A “memory leak” is often caused by storing tensors, which are still attached to the computation graph, in e.g. a list, which would then also store the entire computation graph. While this is not a memory leak and expected behavior, users often call it a leak.
Check if this could also be the case in your script and if so, make sure to detach() tensors which should not store the entire graph with them.

Hi ptrblck,

Thanks a lot for the prompt reply.

Actually I have tried to detach the tensors and it doesn’t make an impact.

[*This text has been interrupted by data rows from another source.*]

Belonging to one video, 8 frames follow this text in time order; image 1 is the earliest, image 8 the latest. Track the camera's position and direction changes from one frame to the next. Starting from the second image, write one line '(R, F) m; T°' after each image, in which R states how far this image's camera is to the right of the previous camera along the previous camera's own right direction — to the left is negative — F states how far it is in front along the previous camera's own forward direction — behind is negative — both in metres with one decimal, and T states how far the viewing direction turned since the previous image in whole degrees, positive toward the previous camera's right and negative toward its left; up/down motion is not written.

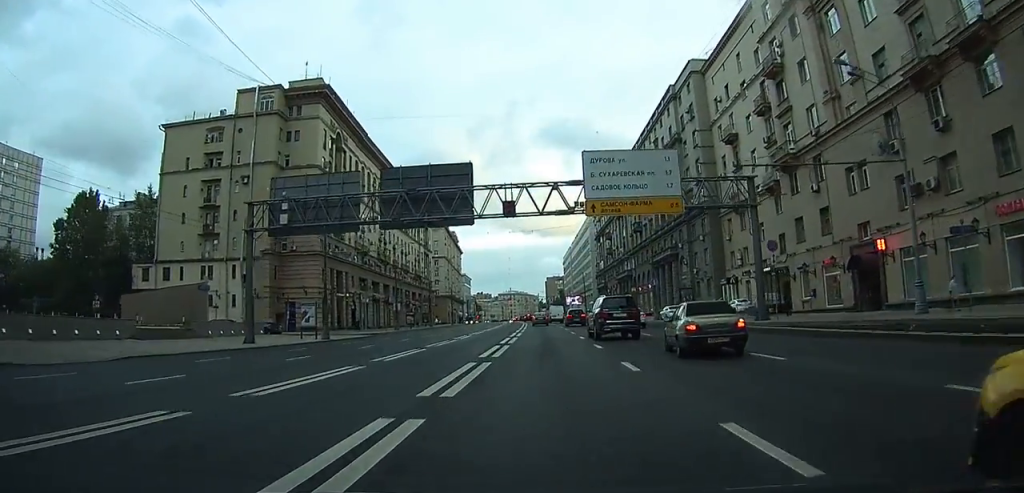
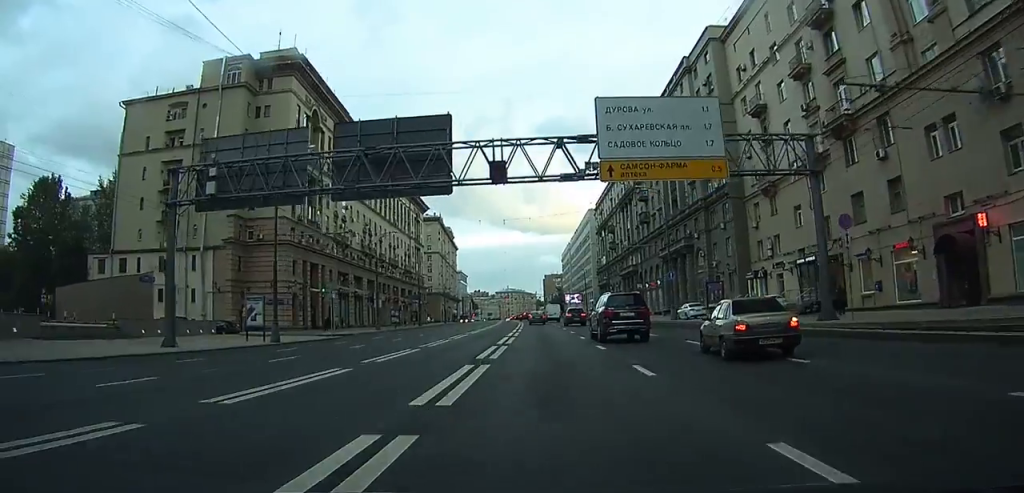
(-0.1, +8.6) m; -1°
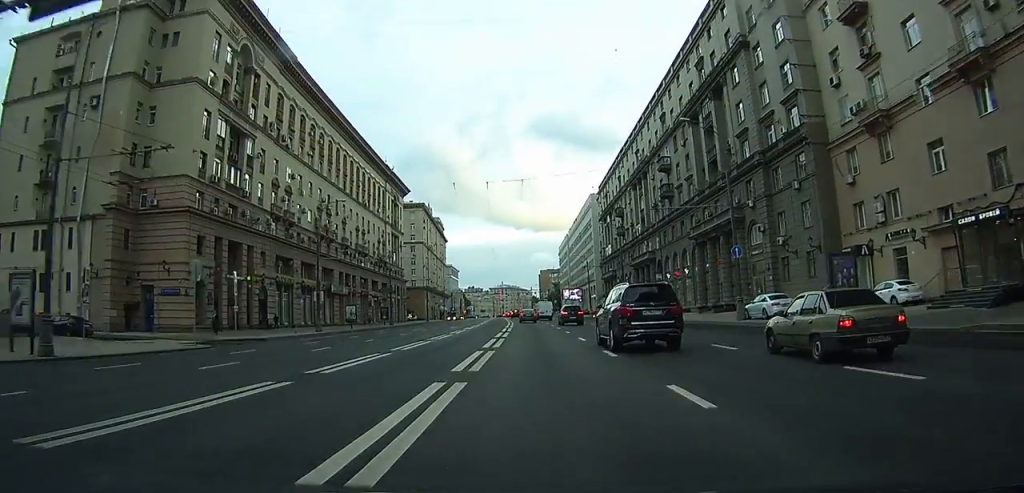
(-0.2, +18.7) m; 0°
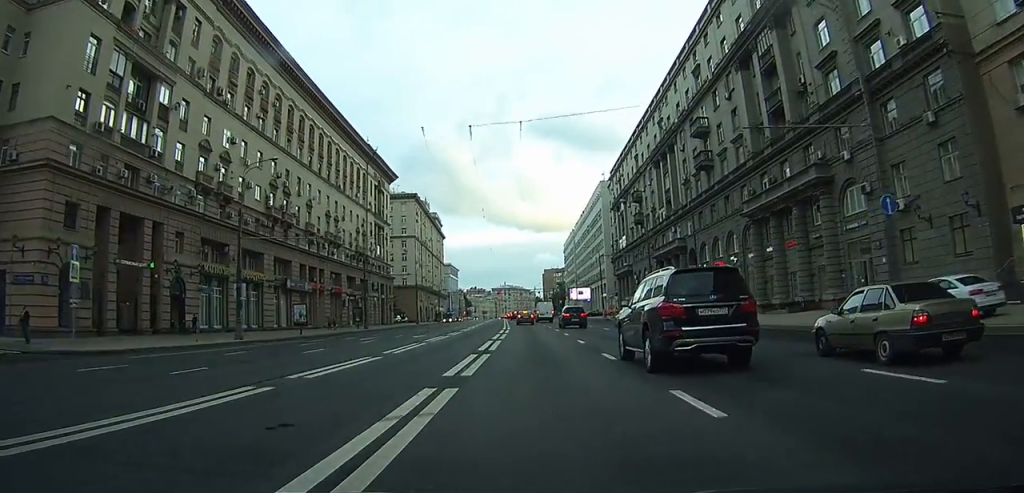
(0.0, +15.8) m; 0°
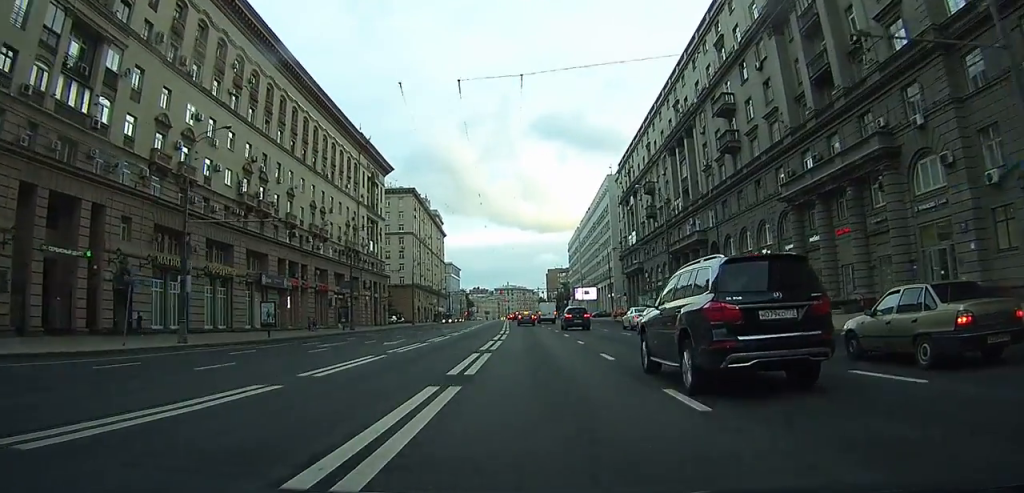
(0.0, +7.2) m; 0°
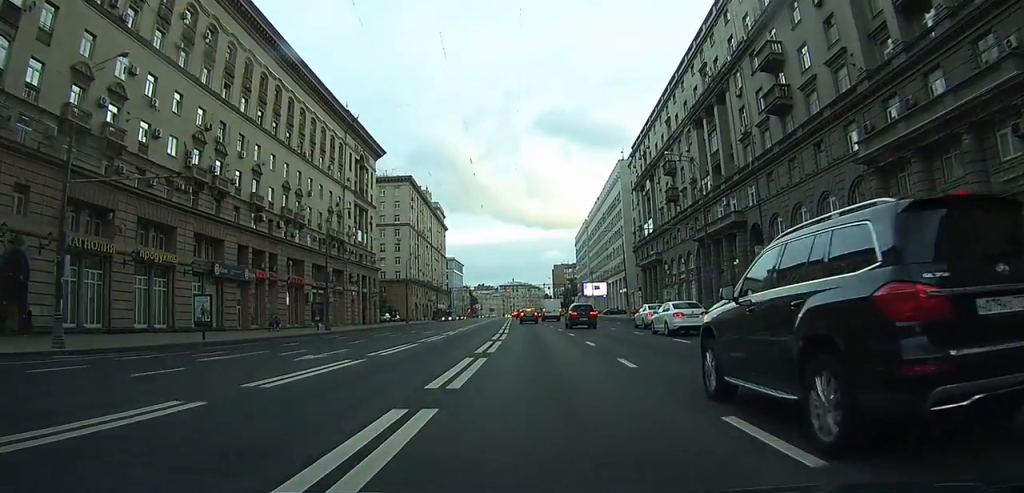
(-0.1, +10.3) m; 0°
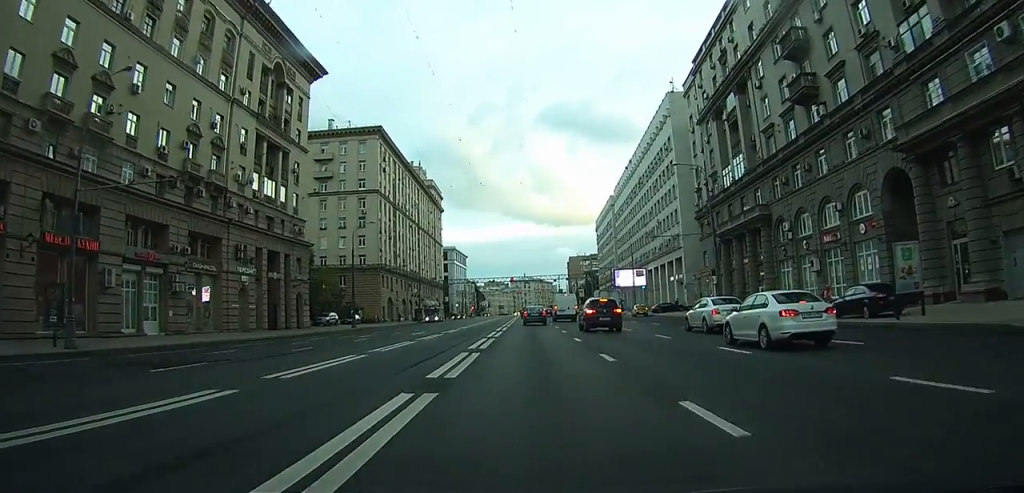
(-0.2, +38.0) m; 0°
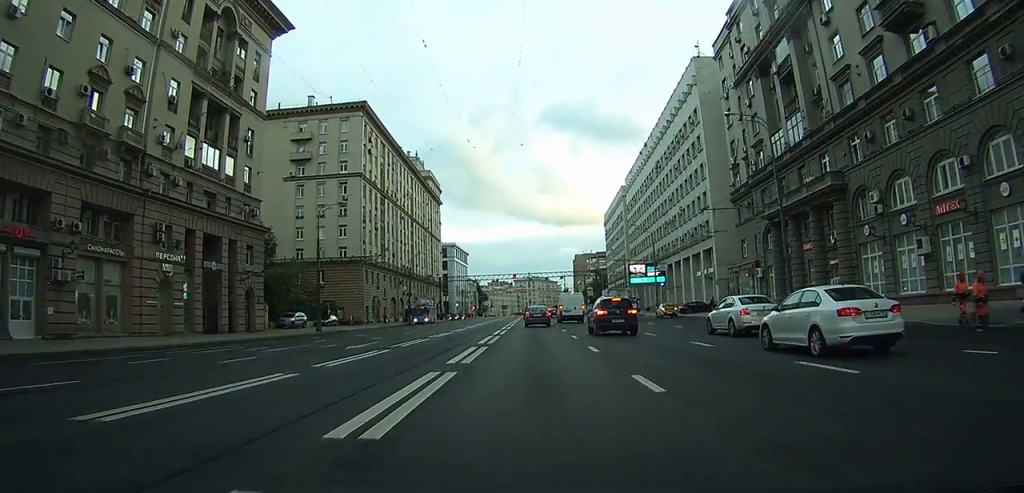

Could you please check the first three block, especially the third one in line 82 which says the increment of memory is over 27153241.914 MiB. It is quite weird.

This line seems to assign the output of node_forward to tree.state, which could indeed store the tensors with their graph.
However, based in the claimed value of 27153241.914 MiB, which would be 27153241.914 / 1024**2 ~= 25.9TB I don’t quite trust it or is your memory indeed growing by TBs?

Nope. The incremental number should be the sum in second block actually, and they will not be freed after each epoch. The insane number showing here is just there, they don’t reflect on the actual hardware or ‘free -m’ command. I only have a 64GB RAM machine.

In that case check where tree.state or tree is used and make sure it can be freed afterwards. For debugging purposes delete it right after the return and check, if your memory usage would still grow.

Hi ptrblck, thanks for the reply. Is there any chance the incremental memory results in the second block which do the node_forward and could not be freed? I don’t actually know how to free the tree.state or tree here.

I don’t know as your code is quite hard to read, but it could be.
You can free the variable by deleting it via del tree.
In case the memory is not released, another object would hold a reference to tree.

It seems I can’t simply del tree. I am wondering why the second block of’node_forward’ keeps taking memory? It is called in the third block of ‘forward’.